▶ [The problem]:
Every line in the following data that has "Body" counts toward the total; state that total alone.

▶ [Available records]:
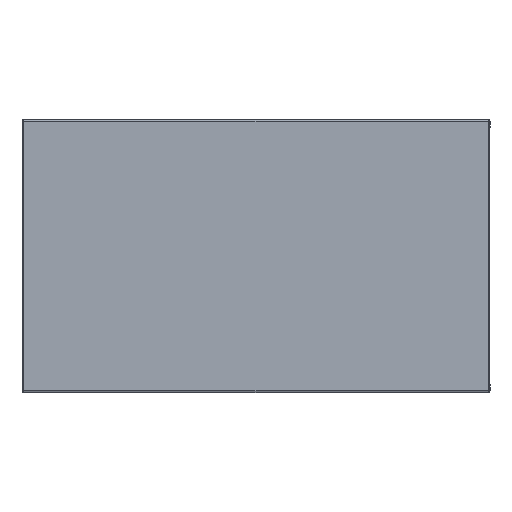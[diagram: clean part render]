
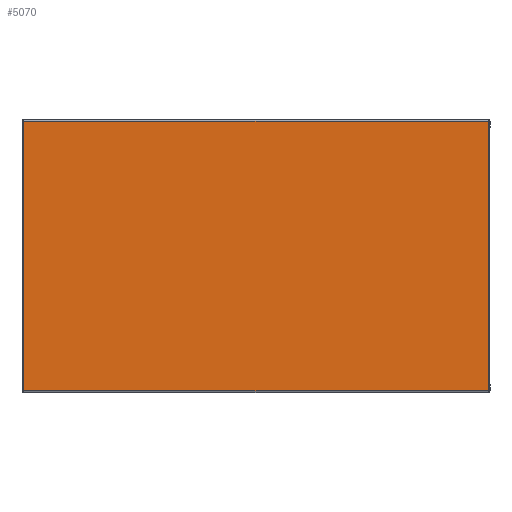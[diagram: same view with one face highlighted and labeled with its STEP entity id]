
A CAD part, left-side view. The second image highlights one B-rep face of the part: STEP entity #5070.
In plain terms, the highlighted planar face has unit normal (-1, 0, 0).
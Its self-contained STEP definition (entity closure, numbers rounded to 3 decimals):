
#32 = VECTOR ( 'NONE', #3135, 1000. ) ;
#108 = DIRECTION ( 'NONE',  ( 1., 0., 0. ) ) ;
#303 = AXIS2_PLACEMENT_3D ( 'NONE', #2737, #108, #3168 ) ;
#514 = CARTESIAN_POINT ( 'NONE',  ( -1., -0.595, 0.695 ) ) ;
#564 = DIRECTION ( 'NONE',  ( 0., 1., 0. ) ) ;
#731 = VECTOR ( 'NONE', #1601, 1000. ) ;
#741 = ORIENTED_EDGE ( 'NONE', *, *, #3635, .T. ) ;
#799 = EDGE_LOOP ( 'NONE', ( #2323, #5428, #5140, #741 ) ) ;
#985 = PLANE ( 'NONE',  #303 ) ;
#989 = VERTEX_POINT ( 'NONE', #514 ) ;
#1063 = VERTEX_POINT ( 'NONE', #4926 ) ;
#1203 = LINE ( 'NONE', #4442, #32 ) ;
#1400 = DIRECTION ( 'NONE',  ( 0., 0., 1. ) ) ;
#1572 = VERTEX_POINT ( 'NONE', #2484 ) ;
#1601 = DIRECTION ( 'NONE',  ( 0., -1., 0. ) ) ;
#1826 = CARTESIAN_POINT ( 'NONE',  ( -1., -0.6, 0.695 ) ) ;
#2105 = EDGE_CURVE ( 'NONE', #989, #2346, #3806, .T. ) ;
#2323 = ORIENTED_EDGE ( 'NONE', *, *, #2105, .T. ) ;
#2346 = VERTEX_POINT ( 'NONE', #3084 ) ;
#2484 = CARTESIAN_POINT ( 'NONE',  ( -1., 0.595, 0.005 ) ) ;
#2568 = EDGE_CURVE ( 'NONE', #2346, #1572, #1203, .T. ) ;
#2737 = CARTESIAN_POINT ( 'NONE',  ( -1., -0.6, 0.02 ) ) ;
#3084 = CARTESIAN_POINT ( 'NONE',  ( -1., 0.595, 0.695 ) ) ;
#3135 = DIRECTION ( 'NONE',  ( 0., 0., -1. ) ) ;
#3168 = DIRECTION ( 'NONE',  ( 0., 0., -1. ) ) ;
#3202 = LINE ( 'NONE', #4907, #5511 ) ;
#3353 = CARTESIAN_POINT ( 'NONE',  ( -1., -0.6, 0.005 ) ) ;
#3635 = EDGE_CURVE ( 'NONE', #1063, #989, #3202, .T. ) ;
#3675 = VECTOR ( 'NONE', #564, 1000. ) ;
#3806 = LINE ( 'NONE', #1826, #3675 ) ;
#3907 = FACE_OUTER_BOUND ( 'NONE', #799, .T. ) ;
#4205 = LINE ( 'NONE', #3353, #731 ) ;
#4309 = EDGE_CURVE ( 'NONE', #1572, #1063, #4205, .T. ) ;
#4442 = CARTESIAN_POINT ( 'NONE',  ( -1., 0.595, 0.02 ) ) ;
#4907 = CARTESIAN_POINT ( 'NONE',  ( -1., -0.595, 0.02 ) ) ;
#4926 = CARTESIAN_POINT ( 'NONE',  ( -1., -0.595, 0.005 ) ) ;
#5070 = ADVANCED_FACE ( 'NONE', ( #3907 ), #985, .F. ) ;
#5140 = ORIENTED_EDGE ( 'NONE', *, *, #4309, .T. ) ;
#5428 = ORIENTED_EDGE ( 'NONE', *, *, #2568, .T. ) ;
#5511 = VECTOR ( 'NONE', #1400, 1000. ) ;
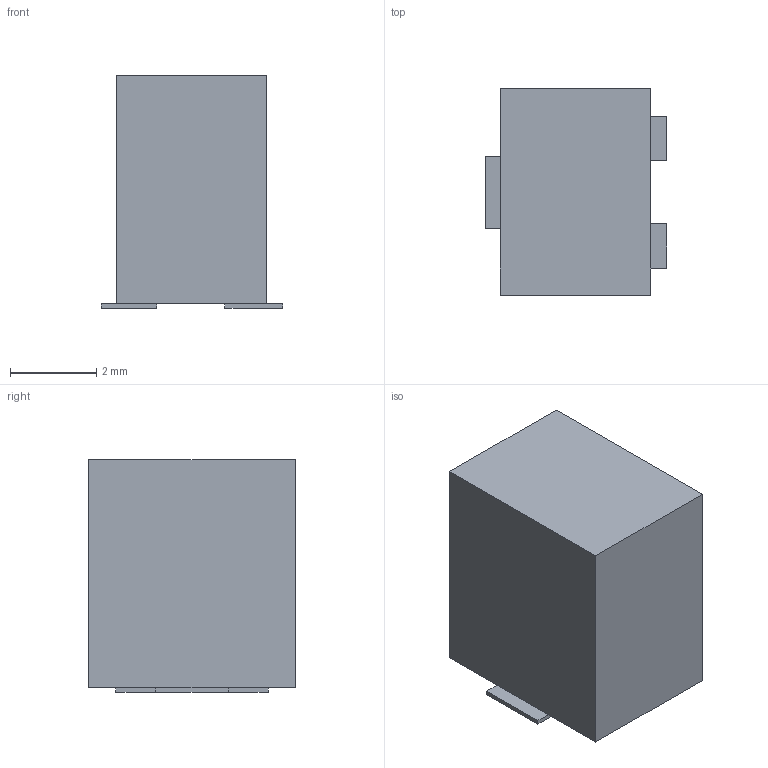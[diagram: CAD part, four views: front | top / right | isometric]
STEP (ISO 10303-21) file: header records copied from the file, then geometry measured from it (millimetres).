
FILE_DESCRIPTION(('FreeCAD Model'),'2;1');
FILE_NAME('332624.2.3.stp','2020-06-18T12:24:22',( 'Author'),(''),'Open CASCADE STEP processor 6.9','FreeCAD','Unknown' );
FILE_SCHEMA(('AUTOMOTIVE_DESIGN { 1 0 10303 214 1 1 1 1 }'));
Length unit declared in the file: millimetre
Products named in the file (3): ASSEMBLY; Body; Pins
Assembly tree (2 placements, depth 2):
  ASSEMBLY
    Body
    Pins
Bounding box: 4.21 x 4.8 x 5.4 mm (x, y, z)
Volume: 89.5 mm3; surface area: 133 mm2
Topology: 4 solids, 4 shells, 24 faces, 48 edges, 32 vertices
Faces by surface type: plane 24
Entity records: 1316 total; most frequent: CARTESIAN_POINT 203, DIRECTION 198, LINE 144, VECTOR 144, ORIENTED_EDGE 96, PCURVE 96, DEFINITIONAL_REPRESENTATION 96, EDGE_CURVE 48

▶ [Output for this exercise]:
2